As it establishes rules for the auction, the FCC should do more than maximize revenue for the Treasury: it should also maximize opportunities for bona fide small minority businesses that need and deserve to have a fair chance at access to the great publicly-owned resource of wireless spectrum.
Many of the proposals in a recent draft order of the FCC's competitive bidding rules are very promising for small minority businesses.
The rules would allow small, rural, minority-owned businesses ("designated entities" or "DEs") some flexibility to innovate and to work with other bidders when the public would benefit. DE's could enter into arrangements that are operational, such as roaming or leasing agreements, as long as they are disclosed. The rules would also permit small businesses and rural providers to participate in bidding consortia with other DE-eligible parties. In these arrangements, the parties would bid as a single entity.

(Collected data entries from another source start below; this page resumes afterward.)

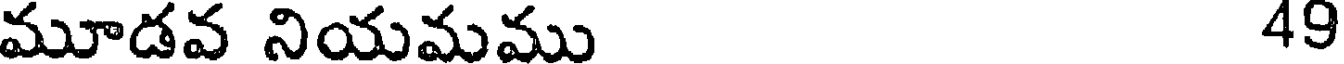
మూడవ నియమము 49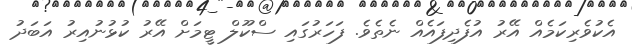
އެކުވެރިކަމެއް އޭރު އުފެދިފައެއް ނެތެވެ. ފަހަރުގައި ސްކޫލް ޓީމަށް އޭރު ކުޅުނުއިރު އަބަދު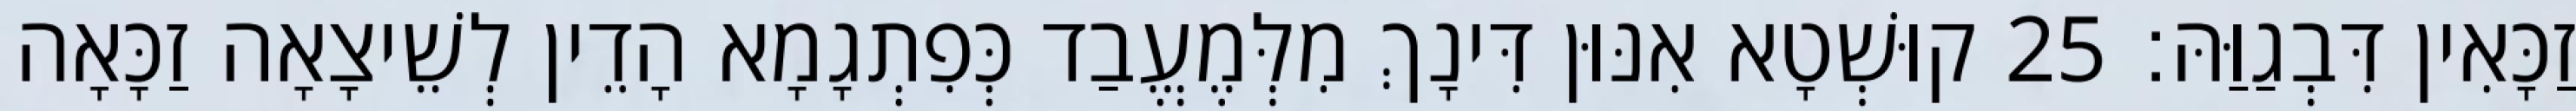
זַכָּאִין דִּבְגַוַּהּ׃ 25 קוּשְׁטָא אִנּוּן דִּינָךְ מִלְּמֶעֱבַד כְּפִתְגָמָא הָדֵין לְשֵׁיצָאָה זַכָּאָה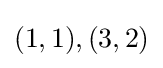
(1,1),(3,2)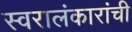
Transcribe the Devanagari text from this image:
स्वरालंकारांची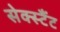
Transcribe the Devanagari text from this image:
सेक्स्टैंट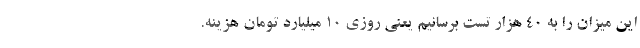
این میزان را به 40 هزار تست برسانیم یعنی روزی 10 میلیارد تومان هزینه.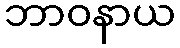
ဘာဝနာယ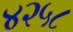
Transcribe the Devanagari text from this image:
४२५८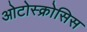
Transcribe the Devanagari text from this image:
ओटोस्क्रोसिस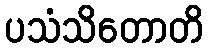
ပသံသိတောတိ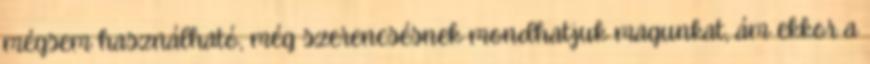
mégsem használható, még szerencsésnek mondhatjuk magunkat, ám ekkor a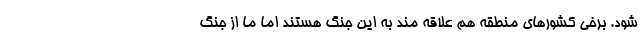
شود. برخی کشورهای منطقه هم علاقه مند به این جنگ هستند اما ما از جنگ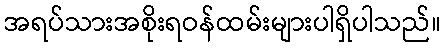
အရပ်သားအစိုးရဝန်ထမ်းများပါရှိပါသည်။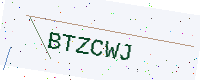
Text: BTZCWJ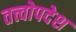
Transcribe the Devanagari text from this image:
तत्त्वोपदेश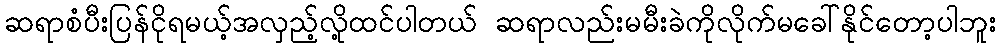
ဆရာစံပီးပြန်ငိုရမယ့်အလှည့်လို့ထင်ပါတယ် ဆရာလည်းမမီးခဲကိုလိုက်မခေါ်နိုင်တော့ပါဘူး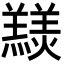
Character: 𦏠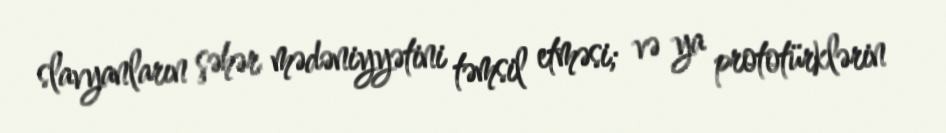
slavyanların şəhər mədəniyyətini təmsil etməsi; və ya prototürklərin

The proposed rules include provisions to avoid abuse of the designated entity (DE) rules, which are designed to help small, rural and minority businesses have a chance at winning spectrum. In particular, the FCC proposes to ban most joint bidding arrangements that involve multiple entities using a shared strategy for bidding, to prevent entities with bidding agreements from bidding on the same licenses, and to ban multiple applications by one party or by multiple parties that have common controlling interests. These types of anti-fraud protections will help sustain the program. It's very welcome to see the FCC propose to eliminate its "attributable material relationship" ("AMR") rule, under which the gross revenues of an entity that leases more than 25% license capacity from a DE applicant are attributed to that applicant.
Since its adoption in 2006, the AMR rule has brought about a severe reduction in DEs' success in major auctions. The FCC's order does have one major flaw: its $150 million cap for small businesses, which is much too low. $150 million won't buy enough spectrum to compete in even one medium market. It would impair small business' access to capital and, thus, impair the ability of these businesses to grow into large, competitive enterprises.

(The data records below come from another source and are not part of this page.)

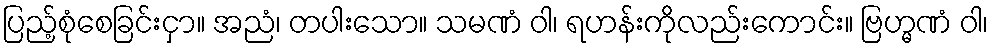
ပြည့်စုံစေခြင်းငှာ။ အညံ၊ တပါးသော။ သမဏံ ဝါ၊ ရဟန်းကိုလည်းကောင်း။ ဗြဟ္မဏံ ဝါ၊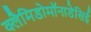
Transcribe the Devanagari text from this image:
क्लैमिडोमॉनाडेसिई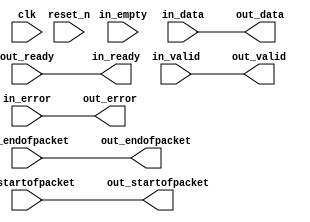
// --------------------------------------------------------------------------------
//| Avalon Streaming Data Format Adapter
// --------------------------------------------------------------------------------

`timescale 1ns / 100ps
module nios_system_avalon_st_adapter_001_data_format_adapter_0 (
    
      // Interface: clk
      input              clk,
      // Interface: reset
      input              reset_n,
      // Interface: in
      output reg         in_ready,
      input              in_valid,
      input      [31: 0] in_data,
      input      [ 5: 0] in_error,
      input              in_startofpacket,
      input              in_endofpacket,
      input      [ 1: 0] in_empty,
      // Interface: out
      input              out_ready,
      output reg         out_valid,
      output reg [31: 0] out_data,
      output reg [ 5: 0] out_error,
      output reg         out_startofpacket,
      output reg         out_endofpacket
);



   always @* begin
      in_ready = out_ready;
      out_valid = in_valid;
      out_data = in_data;
      out_error = in_error;
      out_startofpacket = in_startofpacket;
      out_endofpacket = in_endofpacket;


   end

endmodule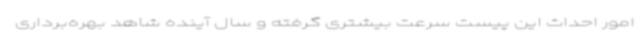
امور احداث این پیست سرعت بیشتری گرفته و سال آینده شاهد بهره‌برداری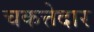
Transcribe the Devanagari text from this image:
चकत्तेदार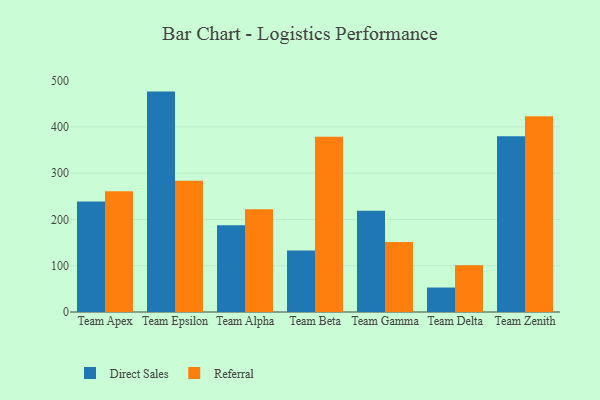
{"axis": {"x": "Team", "y": "Website Visitors"}, "legend": ["Direct Sales", "Referral"], "data": [{"x": "Team Apex", "y": 238.8, "type": "Direct Sales"}, {"x": "Team Apex", "y": 260.7, "type": "Referral"}, {"x": "Team Epsilon", "y": 476.2, "type": "Direct Sales"}, {"x": "Team Epsilon", "y": 283.8, "type": "Referral"}, {"x": "Team Alpha", "y": 187.3, "type": "Direct Sales"}, {"x": "Team Alpha", "y": 222.0, "type": "Referral"}, {"x": "Team Beta", "y": 133.0, "type": "Direct Sales"}, {"x": "Team Beta", "y": 378.4, "type": "Referral"}, {"x": "Team Gamma", "y": 218.8, "type": "Direct Sales"}, {"x": "Team Gamma", "y": 151.0, "type": "Referral"}, {"x": "Team Delta", "y": 52.9, "type": "Direct Sales"}, {"x": "Team Delta", "y": 100.8, "type": "Referral"}, {"x": "Team Zenith", "y": 379.8, "type": "Direct Sales"}, {"x": "Team Zenith", "y": 423.2, "type": "Referral"}]}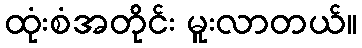
ထုံးစံအတိုင်း မူးလာတယ်။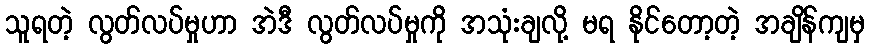
သူရတဲ့ လွတ်လပ်မှုဟာ အဲဒီ လွတ်လပ်မှုကို အသုံးချလို့ မရ နိုင်တော့တဲ့ အချိန်ကျမှ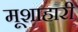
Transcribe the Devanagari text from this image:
मूशाहारी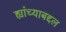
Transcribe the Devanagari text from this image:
ह्यांच्याबद्दल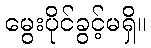
မွေးပိုင်ခွင့်မရှိ။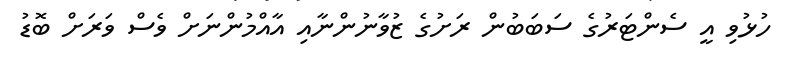
ހުޅުވި އީ ސެންޓަރުގެ ސަބަބުން ރަށުގެ ޒުވާނުންނާއި އާއްމުންނަށް ވެސް ވަރަށް ބޮޑު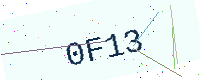
Text: 0F13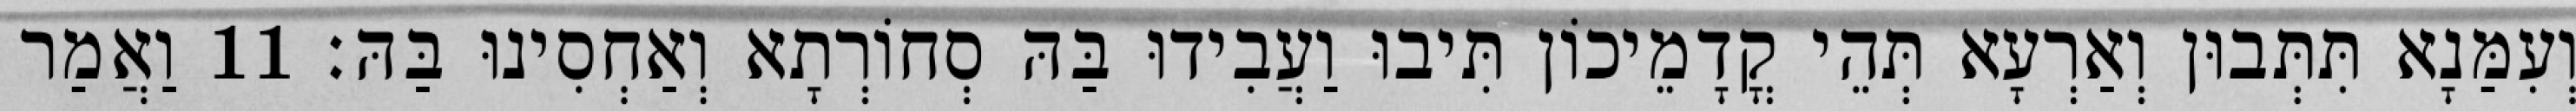
וְעִמַּנָא תִּתְּבוּן וְאַרְעָא תְּהֵי קֳדָמֵיכוֹן תִּיבוּ וַעֲבִידוּ בַּהּ סְחוֹרְתָא וְאַחְסִינוּ בַּהּ׃ 11 וַאֲמַר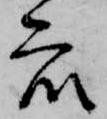
衆

The order could also be improved by creating a bidding credit for any carrier that engages in extensive procurement with, or secondary market transactions to, small disadvantaged businesses ("SDBs"). Secondary market transactions are sales of non-core asset spectrum from one company to another without the need for FCC management of the transaction. These transactions complement the DE process by harnessing the marketplace to advance minority business.

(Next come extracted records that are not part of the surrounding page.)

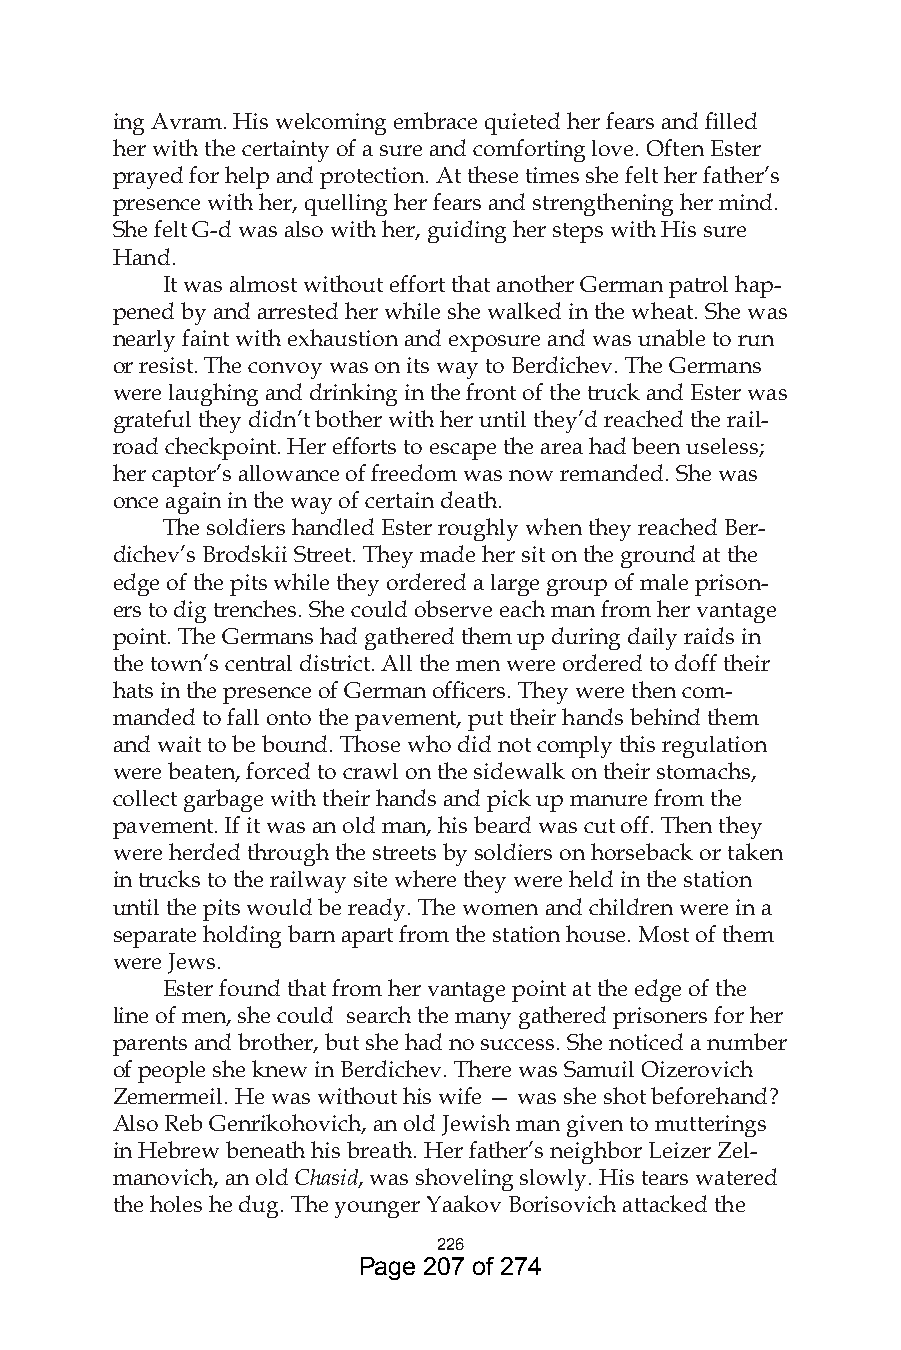
ing Avram. His welcoming embrace quieted her fears and filled
 her with the certainty of a sure and comforting love. Often Ester
 prayed for help and protection. At these times she felt her father’s
 presence with her, quelling her fears and strengthening her mind.
 She felt G-d was also with her, guiding her steps with His sure
 Hand.
 It was almost without effort that another German patrol hap-
 pened by and arrested her while she walked in the wheat. She was
 nearly faint with exhaustion and exposure and was unable to run
 or resist. The convoy was on its way to Berdichev. The Germans
 were laughing and drinking in the front of the truck and Ester was
 grateful they didn’t bother with her until they’d reached the rail-
 road checkpoint. Her efforts to escape the area had been useless;
 her captor’s allowance of freedom was now remanded. She was
 once again in the way of certain death.
 The soldiers handled Ester roughly when they reached Ber-
 dichev’s Brodskii Street. They made her sit on the ground at the
 edge of the pits while they ordered a large group of male prison-
 ers to dig trenches. She could observe each man from her vantage
 point. The Germans had gathered them up during daily raids in
 the town’s central district. All the men were ordered to doff their
 hats in the presence of German officers. They were then com-
 manded to fall onto the pavement, put their hands behind them
 and wait to be bound. Those who did not comply this regulation
 were beaten, forced to crawl on the sidewalk on their stomachs,
 collect garbage with their hands and pick up manure from the
 pavement. If it was an old man, his beard was cut off. Then they
 were herded through the streets by soldiers on horseback or taken
 in trucks to the railway site where they were held in the station
 until the pits would be ready. The women and children were in a
 separate holding barn apart from the station house. Most of them
 were Jews.
 Ester found that from her vantage point at the edge of the
 line of men, she could search the many gathered prisoners for her
 parents and brother, but she had no success. She noticed a number
 of people she knew in Berdichev. There was Samuil Oizerovich
 Zemermeil. He was without his wife — was she shot beforehand?
 Also Reb Genrikohovich, an old Jewish man given to mutterings
 in Hebrew beneath his breath. Her father’s neighbor Leizer Zel-
 manovich, an old Chasid, was shoveling slowly. His tears watered
 the holes he dug. The younger Yaakov Borisovich attacked the
 6
 Page 207 of 274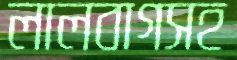
লালবাগসহ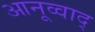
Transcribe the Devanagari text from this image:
आनूव्वाद्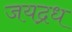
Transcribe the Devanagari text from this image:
जयद्रध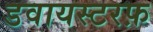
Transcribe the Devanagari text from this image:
डवायस्टरफ़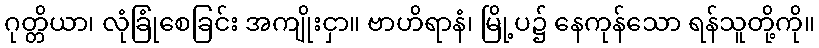
ဂုတ္တိယာ၊ လုံခြုံစေခြင်း အကျိုးငှာ။ ဗာဟိရာနံ၊ မြို့ပ၌ နေကုန်သော ရန်သူတို့ကို။

Finally, the retention of the 30 mHz spectrum reserve", which is available to all bidders except the two largest carriers (AT&T and Verizon) could be further enhanced by implementing a universal compromise that maximizes the potential benefit to underserved communities: the Commission should retain its set aside of 30 MHz of spectrum but reserve this spectrum for DE's, which need it the most for growth and innovation. DE's and civil rights organizations have advocated for a DE set-aside consistently over the past 20 years.
The idea's time has come. DE participation, and especially minority DE participation, has plummeted sharply since the Commission adopted an array of ill-conceived DE rule amendments in 2006. History shows, though, that DE participation, done right, can increase revenues to the Treasury, increase innovation, and promote competition and diversity. I am generally encouraged by Chairman Wheeler's direction in the upcoming auction.
The Commission must adopt rules that will generate revenue for the Treasury while also maximizing the participation of small and minority businesses.